[TASK]:
Lines in the records below that contain the word "miterlimit" must each be copied.

════════

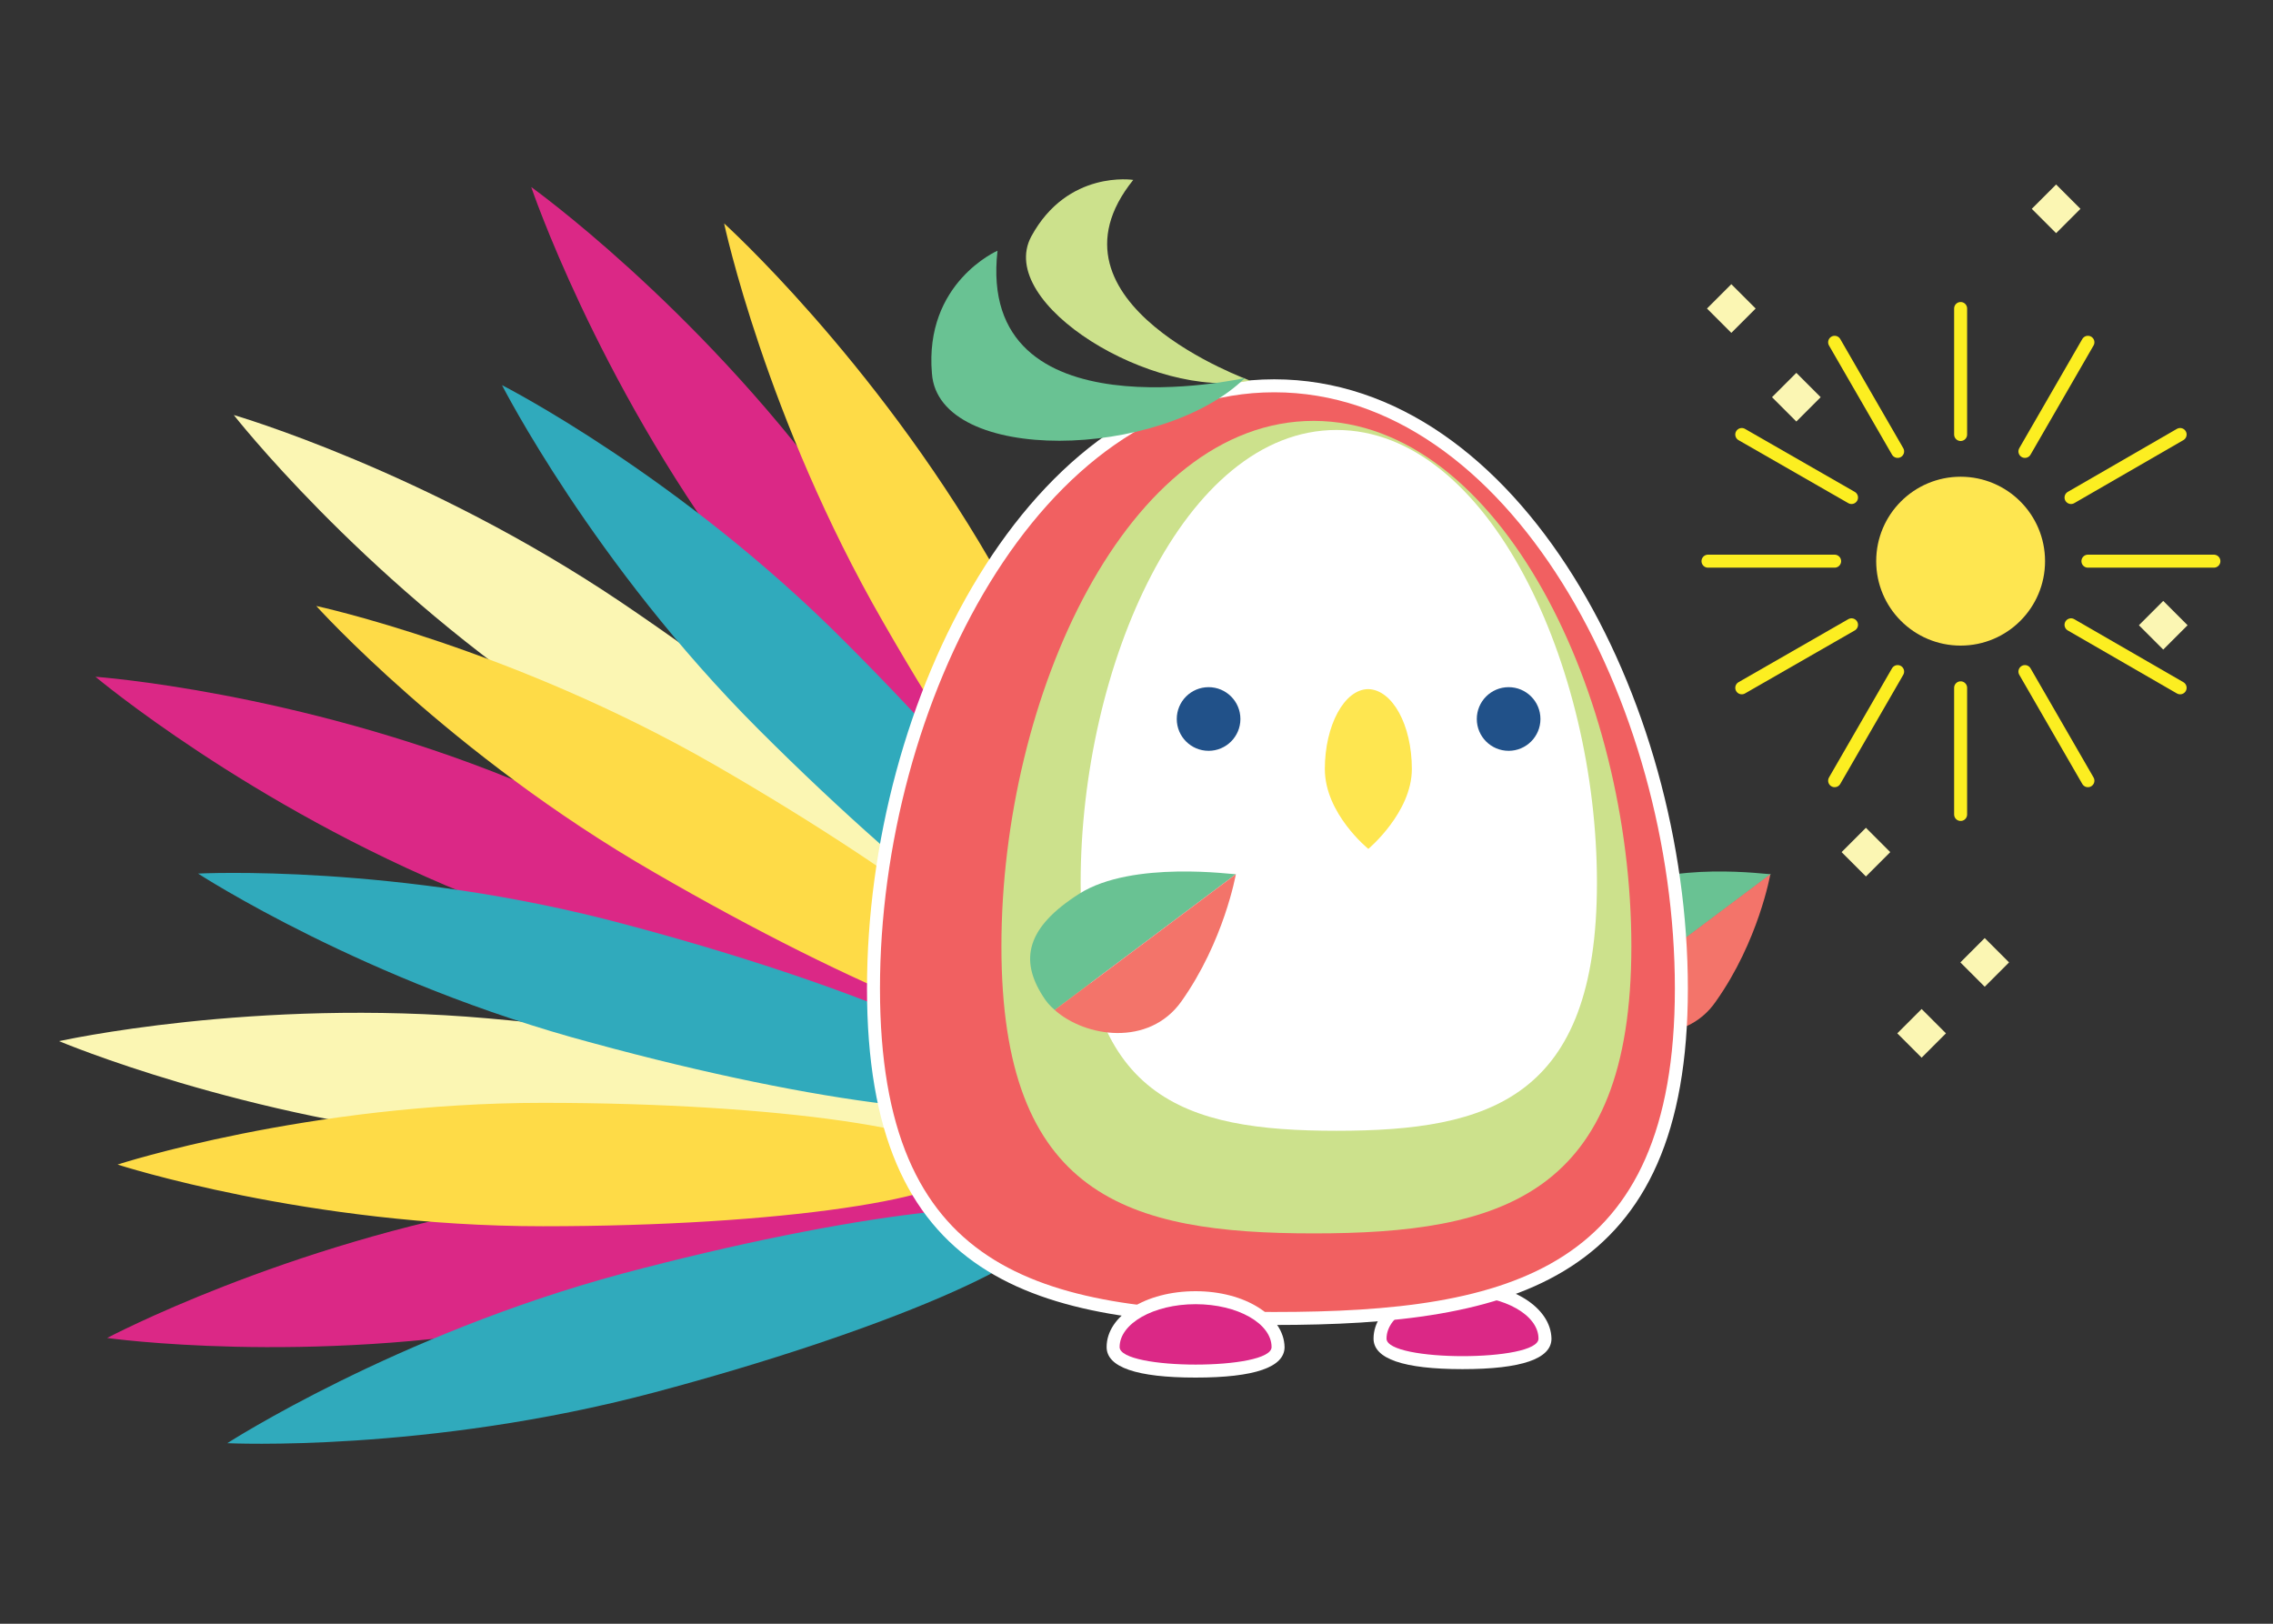 <?xml version="1.0" encoding="utf-8"?>
<!-- Generator: Adobe Illustrator 23.0.4, SVG Export Plug-In . SVG Version: 6.00 Build 0)  -->
<svg version="1.1" id="Layer_1" xmlns="http://www.w3.org/2000/svg" xmlns:xlink="http://www.w3.org/1999/xlink" x="0px" y="0px"
	 viewBox="0 0 350 250" style="enable-background:new 0 0 350 250;" xml:space="preserve">
<rect x="0" y="0" width="350" height="250" fill="#333333" stroke="none"/>
<style type="text/css">
	.st0{fill:#DB2886;}
	.st1{fill:#FFFFFF;}
	.st2{fill:#69C293;}
	.st3{fill:#F3746A;}
	.st4{fill:#FBF6B3;}
	.st5{fill:#FEDB47;}
	.st6{fill:#30AABC;}
	.st7{fill:#F16061;stroke:#FFFFFF;stroke-width:2;stroke-miterlimit:10;}
	.st8{fill:#CCE18C;}
	.st9{fill:#FEE650;}
	.st10{fill:none;stroke:#FCEE21;stroke-width:2;stroke-linecap:round;stroke-linejoin:round;stroke-miterlimit:10;}
	.st11{fill:#215189;}
</style>
<g>
	<g id="XMLID_110_">
		<path class="st0" d="M225.2,209.9c-3.8,0-12.7-0.4-12.7-3.7c0-4.3,5.6-7.6,12.7-7.6c7.1,0,12.7,3.3,12.7,7.6
			C237.8,209.5,229,209.9,225.2,209.9z"/>
		<path class="st1" d="M225.2,199.5c6.5,0,11.7,3,11.7,6.6c0,1.8-5.8,2.7-11.7,2.7c-5.8,0-11.7-0.9-11.7-2.7
			C213.5,202.5,218.7,199.5,225.2,199.5 M225.2,197.5c-7.7,0-13.7,3.8-13.7,8.6c0,3.1,4.6,4.7,13.7,4.7c9.1,0,13.7-1.6,13.7-4.7
			C238.8,201.3,232.8,197.5,225.2,197.5L225.2,197.5z"/>
	</g>
	<g>
		<path id="XMLID_109_" class="st2" d="M248.6,137.6c-8.2,5.2-9.2,10.2-5.6,15.8c0.5,0.8,1,1.4,1.8,2.1l27.9-20.9
			C272.6,134.7,256.8,132.4,248.6,137.6z"/>
		<path id="XMLID_108_" class="st3" d="M264.2,154.2c6.6-9.3,8.4-19.6,8.4-19.6l-27.9,20.9C249.5,159.7,259.4,161.2,264.2,154.2z"/>
	</g>
	<path id="XMLID_107_" class="st0" d="M82.6,203.9c-35.6,6.4-66.1,2.1-66.1,2.1s27.2-14.4,62.9-20.7c35.6-6.4,65.2-7.3,66.1-2.1
		C146.2,188.4,118.1,197.7,82.6,203.9z"/>
	<path id="XMLID_106_" class="st4" d="M73.5,175.7c-36-3.4-64.4-15.4-64.4-15.4s30.1-6.7,66.1-3.5c36,3.2,64.8,10.1,64.4,15.4
		C139.1,177.4,109.5,178.9,73.5,175.7z"/>
	<path id="XMLID_105_" class="st0" d="M71.7,137.6c-33.4-13.6-57-33.4-57-33.4s30.7,2.2,64.2,15.8c33.6,13.6,59.1,28.5,57.2,33.4
		C134,158.2,105.3,151.2,71.7,137.6z"/>
	<path id="XMLID_104_" class="st4" d="M84.9,108.5C55,88.2,36,63.9,36,63.9s29.6,8.6,59.6,28.8c29.9,20.2,51.9,40.2,49,44.6
		C141.6,141.6,114.9,128.8,84.9,108.5z"/>
	<path id="XMLID_103_" class="st0" d="M113.2,87.1c-21.5-29-31.4-58.3-31.4-58.3s25,17.9,46.5,47.1c21.5,29,35.5,55.2,31.4,58.3
		C155.4,137.2,134.7,116.2,113.2,87.1z"/>
	<path id="XMLID_102_" class="st5" d="M83.6,188.8c-36.2,0-65.5-9.5-65.5-9.5s29.3-9.5,65.5-9.5s65.5,4.3,65.5,9.5
		C149.1,184.5,119.8,188.8,83.6,188.8z"/>
	<path id="XMLID_101_" class="st6" d="M91.3,160.6c-35-9.3-60.8-26.1-60.8-26.1s30.7-1.6,65.7,7.8c35,9.3,62.2,21,60.8,26.1
		C155.6,173.6,126.1,170.1,91.3,160.6z"/>
	<path id="XMLID_100_" class="st5" d="M100.7,134.3c-31.4-18.1-52-41-52-41s30.1,6.5,61.4,24.5c31.4,18.1,54.6,36.4,52,41
		C159.6,163.5,132.1,152.5,100.7,134.3z"/>
	<path id="XMLID_99_" class="st6" d="M116.8,112.3c-25.5-25.5-39.5-53-39.5-53s27.5,14,53,39.7c25.5,25.5,43.3,49.3,39.7,53
		C166.2,155.6,142.5,138,116.8,112.3z"/>
	<path id="XMLID_98_" class="st5" d="M136,95.8c-18.1-31.4-24.5-61.4-24.5-61.4s22.8,20.6,41,52s29,58.9,24.5,61.4
		C172.4,150.5,154,127.2,136,95.8z"/>
	<path id="XMLID_97_" class="st6" d="M100.7,214.4c-35,9.3-65.7,7.8-65.7,7.8s25.9-16.7,60.8-26.1c35-9.3,64.4-12.8,65.7-7.8
		C162.9,193.4,135.7,205.1,100.7,214.4z"/>
	<path id="XMLID_96_" class="st7" d="M258.9,152.2c0,44.2-25.9,50.8-62.7,50.8c-36.8,0-61.7-6.6-61.7-50.8
		c0-44.2,24.9-92.8,61.7-92.8C233.1,59.4,258.9,107.9,258.9,152.2z"/>
	<path id="XMLID_95_" class="st8" d="M192.5,58.6c0,0-33.3-11.9-18-30.9c0,0-10.1-1.6-15.7,8.7C153.2,46.8,177.7,61.6,192.5,58.6z"
		/>
	<path id="XMLID_94_" class="st2" d="M191.7,58.2c0,0-41.4,9.3-38.1-19.6c0,0-11.3,4.9-10.1,18.9C144.5,71.6,178.8,70.8,191.7,58.2z
		"/>
	<g>
		<circle id="XMLID_80_" class="st9" cx="301.9" cy="86.4" r="13"/>
		<line id="XMLID_79_" class="st10" x1="301.9" y1="66.9" x2="301.9" y2="47.5"/>
		<line id="XMLID_78_" class="st10" x1="301.9" y1="125.4" x2="301.9" y2="105.9"/>
		<line id="XMLID_77_" class="st10" x1="292.2" y1="69.5" x2="282.5" y2="52.7"/>
		<line id="XMLID_76_" class="st10" x1="321.5" y1="120.2" x2="311.8" y2="103.4"/>
		<line id="XMLID_75_" class="st10" x1="285.1" y1="76.6" x2="268.2" y2="66.9"/>
		<line id="XMLID_74_" class="st10" x1="335.7" y1="105.9" x2="318.9" y2="96.2"/>
		<line id="XMLID_73_" class="st10" x1="282.5" y1="86.4" x2="263" y2="86.4"/>
		<line id="XMLID_72_" class="st10" x1="340.9" y1="86.4" x2="321.5" y2="86.4"/>
		<line id="XMLID_71_" class="st10" x1="285.1" y1="96.2" x2="268.2" y2="105.9"/>
		<line id="XMLID_70_" class="st10" x1="335.7" y1="66.9" x2="318.9" y2="76.6"/>
		<line id="XMLID_69_" class="st10" x1="292.2" y1="103.4" x2="282.5" y2="120.2"/>
		<line id="XMLID_68_" class="st10" x1="321.5" y1="52.7" x2="311.8" y2="69.5"/>
	</g>
	<path id="XMLID_67_" class="st8" d="M251.2,145.7c0,38.5-20.2,44.2-48.9,44.2s-48.1-5.7-48.1-44.2c0-38.5,19.4-80.9,48.1-80.9
		C231.1,64.9,251.2,107.1,251.2,145.7z"/>
	<path id="XMLID_66_" class="st1" d="M245.9,135.9c0,33.3-16.6,38.2-40.1,38.2s-39.4-4.9-39.4-38.2c0-33.3,15.9-69.7,39.4-69.7
		S245.9,102.6,245.9,135.9z"/>
	<path id="XMLID_65_" class="st9" d="M217.4,118.4c0,6.7-6.7,12.3-6.7,12.3s-6.7-5.4-6.7-12.3c0-6.7,3-12.3,6.7-12.3
		C214.4,106.2,217.4,111.6,217.4,118.4z"/>
	<circle id="XMLID_64_" class="st11" cx="186.1" cy="110.7" r="4.9"/>
	<circle id="XMLID_63_" class="st11" cx="232.3" cy="110.7" r="4.9"/>
	<g>
		<path id="XMLID_62_" class="st2" d="M166.2,137.6c-8.2,5.2-9.2,10.2-5.6,15.8c0.5,0.8,1,1.4,1.8,2.1l27.9-20.9
			C190.2,134.7,174.4,132.4,166.2,137.6z"/>
		<path id="XMLID_61_" class="st3" d="M181.9,154.2c6.6-9.3,8.4-19.6,8.4-19.6l-27.9,20.9C167.1,159.7,176.9,161.2,181.9,154.2z"/>
	</g>
	<g id="XMLID_60_">
		<path class="st0" d="M184.1,211.2c-3.8,0-12.7-0.4-12.7-3.7c0-4.3,5.6-7.6,12.7-7.6s12.7,3.3,12.7,7.6
			C196.7,210.8,187.9,211.2,184.1,211.2z"/>
		<path class="st1" d="M184.1,200.8c6.5,0,11.7,3,11.7,6.6c0,1.8-5.8,2.7-11.7,2.7c-5.8,0-11.7-0.9-11.7-2.7
			C172.4,203.8,177.6,200.8,184.1,200.8 M184.1,198.8c-7.7,0-13.7,3.8-13.7,8.6c0,3.1,4.6,4.7,13.7,4.7c9.1,0,13.7-1.6,13.7-4.7
			C197.7,202.6,191.7,198.8,184.1,198.8L184.1,198.8z"/>
	</g>
	
		<rect id="XMLID_59_" x="284.7" y="128.5" transform="matrix(0.707 -0.707 0.707 0.707 -8.561 241.63)" class="st4" width="5.3" height="5.3"/>
	
		<rect id="XMLID_58_" x="330.5" y="93.5" transform="matrix(0.707 -0.707 0.707 0.707 29.585 263.825)" class="st4" width="5.3" height="5.3"/>
	
		<rect id="XMLID_57_" x="274" y="58.5" transform="matrix(0.707 -0.707 0.707 0.707 37.78 213.513)" class="st4" width="5.3" height="5.3"/>
	
		<rect id="XMLID_56_" x="264" y="44.8" transform="matrix(0.707 -0.707 0.707 0.707 44.523 202.478)" class="st4" width="5.3" height="5.3"/>
	
		<rect id="XMLID_55_" x="303" y="145.5" transform="matrix(0.707 -0.707 0.707 0.707 -15.227 259.53)" class="st4" width="5.3" height="5.3"/>
	
		<rect id="XMLID_54_" x="293.3" y="156.4" transform="matrix(0.707 -0.707 0.707 0.707 -25.791 255.888)" class="st4" width="5.3" height="5.3"/>
	
		<rect id="XMLID_53_" x="314" y="29.5" transform="matrix(0.707 -0.707 0.707 0.707 70.002 233.294)" class="st4" width="5.3" height="5.3"/>
</g>
</svg>

════════

[ANSWER SECTION]:
	.st7{fill:#F16061;stroke:#FFFFFF;stroke-width:2;stroke-miterlimit:10;}
	.st10{fill:none;stroke:#FCEE21;stroke-width:2;stroke-linecap:round;stroke-linejoin:round;stroke-miterlimit:10;}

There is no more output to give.